The closing of fishways violates the Clean Water Act by blocking native fish species from reaching their natural habitat. Closed fishways prevent alewives from naturally cycling phosphorus from upstream lake and river ecosystems where they spawn.

Excess phosphorus leads to algal blooms, which lower water quality by limiting water clarity, sunlight availability and nutrient availability. Young alewives consume phosphorus when they spawn and move downstream, controlling the overall flux of phosphorus, which improves Maine’s lakes’ and rivers’ water quality.

False opinions have stated that alewives decrease smallmouth bass populations when they actually increase them. Smallmouth bass and other freshwater and saltwater fish, such as salmon, brown trout, largemouth bass, cod, stripped bass, haddock and even lobster, feed on alewives.

Many scientific journals have proven a symbiotic relationship between alewives and other fish species. If you don’t believe the science, ask the fishing and lobster industries, which opposed this law from its start. Restoring alewife populations directly improves other fish species populations and fishing industries.

Gov. LePage and state Attorney General William Schneider are naive to deny alewives’ ecological significance and the Clean Water Act. No wonder comments weren’t made for months.

These fishways need to be opened at all sites on the St.

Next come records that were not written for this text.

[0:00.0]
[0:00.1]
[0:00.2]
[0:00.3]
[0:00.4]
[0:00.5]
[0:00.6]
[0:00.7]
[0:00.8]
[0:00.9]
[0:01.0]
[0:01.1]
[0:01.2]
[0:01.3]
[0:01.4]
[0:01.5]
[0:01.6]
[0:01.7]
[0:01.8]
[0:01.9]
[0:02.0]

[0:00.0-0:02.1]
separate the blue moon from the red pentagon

Croix River system to restore alewife populations, directly improving water quality, fish populations and fishing industries while respecting the Clean Water Act.

Marcus Goldbas

Cape Elizabeth

Surge in visitors necessary to fill additional lodgings 

I think it’s wonderful that all these hotel chains want to invest in Maine. Now all we need is a convention center to help fill these rooms.

Bill Preston


Apparent Libya coverup may be tied to election

The terrorist attack on the Benghazi, Libya, U.S. Consulate compound on Sept. 11 is an undeniable fact! It was witnessed on live video and validated by a high-ranking State Department official during congressional hearings last month. The American ambassador to Libya along with his aide and two Navy SEALs were murdered in this attack.

Where is the outrage? Where is the coverage of this event by the so-called mainstream media?

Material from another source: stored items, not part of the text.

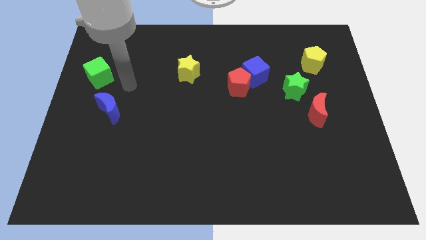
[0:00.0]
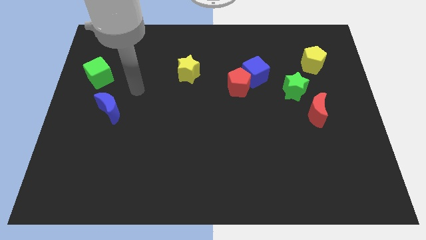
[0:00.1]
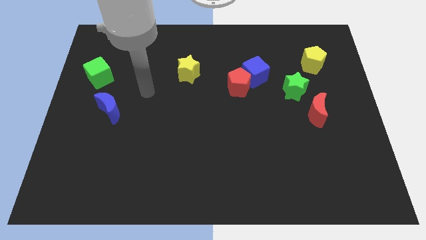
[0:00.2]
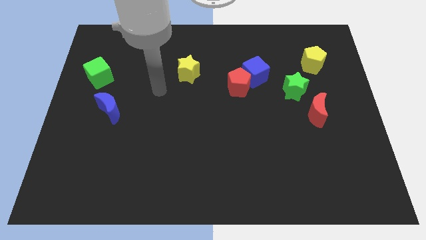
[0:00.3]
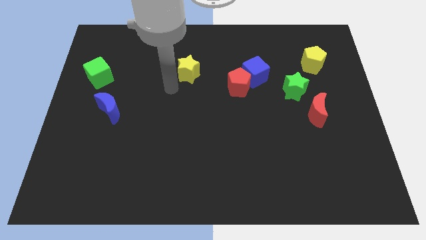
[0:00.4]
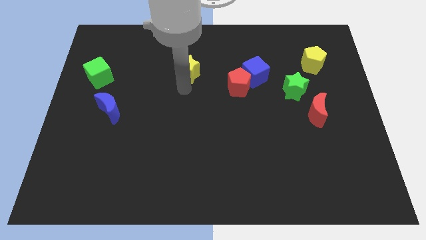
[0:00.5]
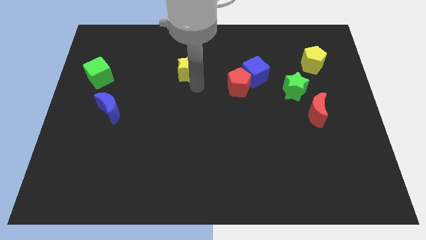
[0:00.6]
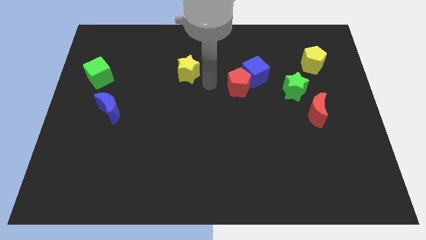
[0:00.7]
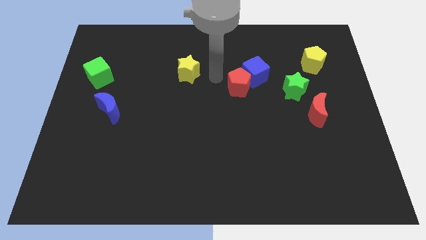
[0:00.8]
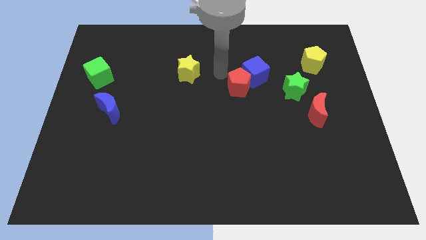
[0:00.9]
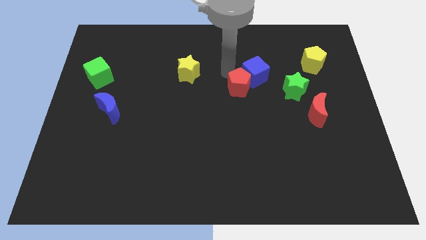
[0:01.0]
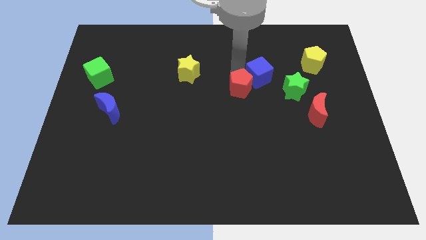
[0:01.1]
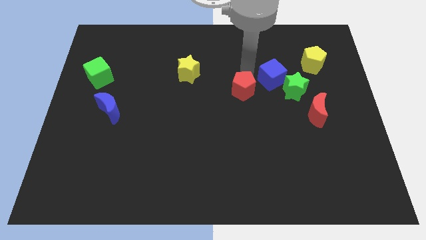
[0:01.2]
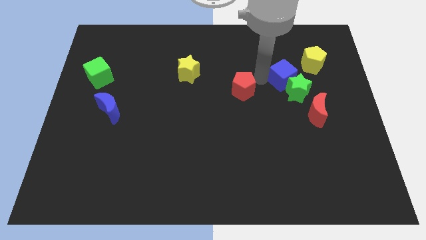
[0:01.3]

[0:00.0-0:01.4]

Why hasn’t this paper more accurately and fully covered this tragedy? Could it be that they were helping the administration in what appears to have been a coverup so close to the election?

I have three direct questions for President Obama:

1) Why wasn’t our consulate protected by better security on the anniversary day of 9/11 (especially since it had been attacked many times leading up to this date)?

2) Why did you send our ambassador to the U.N., Susan Rice, to five Sunday morning talk shows to adamantly proclaim that this was a “spontaneous event of a mob”? This was done several days after the attack, when you had the opportunity to personally witness the assault via videotape and drones circling the compound during the attack.

3) Finally, Mr. President, this attack lasted more than seven hours while these brave Americans, two being Navy SEALs, urgently requested help at least three times. Our military had fighter jets less than one hour from responding and Special Forces help about two hours away.

You didn’t hesitate to ask the SEALs for help in risking their lives to kill Osama bin Laden. Why in heaven’s name didn’t you respond to their cries for help?

You stated in a campaign speech, “It’s all about trust.” Well, is it?